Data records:
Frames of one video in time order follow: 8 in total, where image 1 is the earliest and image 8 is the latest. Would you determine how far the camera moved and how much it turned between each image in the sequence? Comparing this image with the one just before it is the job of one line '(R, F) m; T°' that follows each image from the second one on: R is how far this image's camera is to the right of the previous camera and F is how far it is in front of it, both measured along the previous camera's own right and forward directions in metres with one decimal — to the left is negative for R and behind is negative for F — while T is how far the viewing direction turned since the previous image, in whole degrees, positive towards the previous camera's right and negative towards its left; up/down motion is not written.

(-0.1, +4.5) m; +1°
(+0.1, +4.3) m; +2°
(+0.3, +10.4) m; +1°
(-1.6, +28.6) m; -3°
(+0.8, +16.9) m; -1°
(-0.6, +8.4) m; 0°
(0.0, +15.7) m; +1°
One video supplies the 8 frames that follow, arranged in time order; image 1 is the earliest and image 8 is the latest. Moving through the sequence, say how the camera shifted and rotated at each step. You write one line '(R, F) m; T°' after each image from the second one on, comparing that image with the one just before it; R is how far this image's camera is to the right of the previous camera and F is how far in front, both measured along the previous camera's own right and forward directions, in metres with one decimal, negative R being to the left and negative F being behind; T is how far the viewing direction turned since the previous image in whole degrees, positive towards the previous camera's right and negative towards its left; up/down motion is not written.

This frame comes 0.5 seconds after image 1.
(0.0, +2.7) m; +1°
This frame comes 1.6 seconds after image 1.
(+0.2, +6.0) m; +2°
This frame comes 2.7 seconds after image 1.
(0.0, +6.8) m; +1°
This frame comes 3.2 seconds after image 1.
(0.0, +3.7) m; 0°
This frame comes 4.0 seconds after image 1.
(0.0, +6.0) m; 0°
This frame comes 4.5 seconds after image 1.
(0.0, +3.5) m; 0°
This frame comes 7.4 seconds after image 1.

◆ **Exercise prompt**
Whatever the entries say, repeat all of them exactly.

◆ **Solved problem**
Frames of one video in time order follow: 8 in total, where image 1 is the earliest and image 8 is the latest. Would you determine how far the camera moved and how much it turned between each image in the sequence? Comparing this image with the one just before it is the job of one line '(R, F) m; T°' that follows each image from the second one on: R is how far this image's camera is to the right of the previous camera and F is how far it is in front of it, both measured along the previous camera's own right and forward directions in metres with one decimal — to the left is negative for R and behind is negative for F — while T is how far the viewing direction turned since the previous image, in whole degrees, positive towards the previous camera's right and negative towards its left; up/down motion is not written.

(-0.1, +4.5) m; +1°
(+0.1, +4.3) m; +2°
(+0.3, +10.4) m; +1°
(-1.6, +28.6) m; -3°
(+0.8, +16.9) m; -1°
(-0.6, +8.4) m; 0°
(0.0, +15.7) m; +1°
One video supplies the 8 frames that follow, arranged in time order; image 1 is the earliest and image 8 is the latest. Moving through the sequence, say how the camera shifted and rotated at each step. You write one line '(R, F) m; T°' after each image from the second one on, comparing that image with the one just before it; R is how far this image's camera is to the right of the previous camera and F is how far in front, both measured along the previous camera's own right and forward directions, in metres with one decimal, negative R being to the left and negative F being behind; T is how far the viewing direction turned since the previous image in whole degrees, positive towards the previous camera's right and negative towards its left; up/down motion is not written.

This frame comes 0.5 seconds after image 1.
(0.0, +2.7) m; +1°
This frame comes 1.6 seconds after image 1.
(+0.2, +6.0) m; +2°
This frame comes 2.7 seconds after image 1.
(0.0, +6.8) m; +1°
This frame comes 3.2 seconds after image 1.
(0.0, +3.7) m; 0°
This frame comes 4.0 seconds after image 1.
(0.0, +6.0) m; 0°
This frame comes 4.5 seconds after image 1.
(0.0, +3.5) m; 0°
This frame comes 7.4 seconds after image 1.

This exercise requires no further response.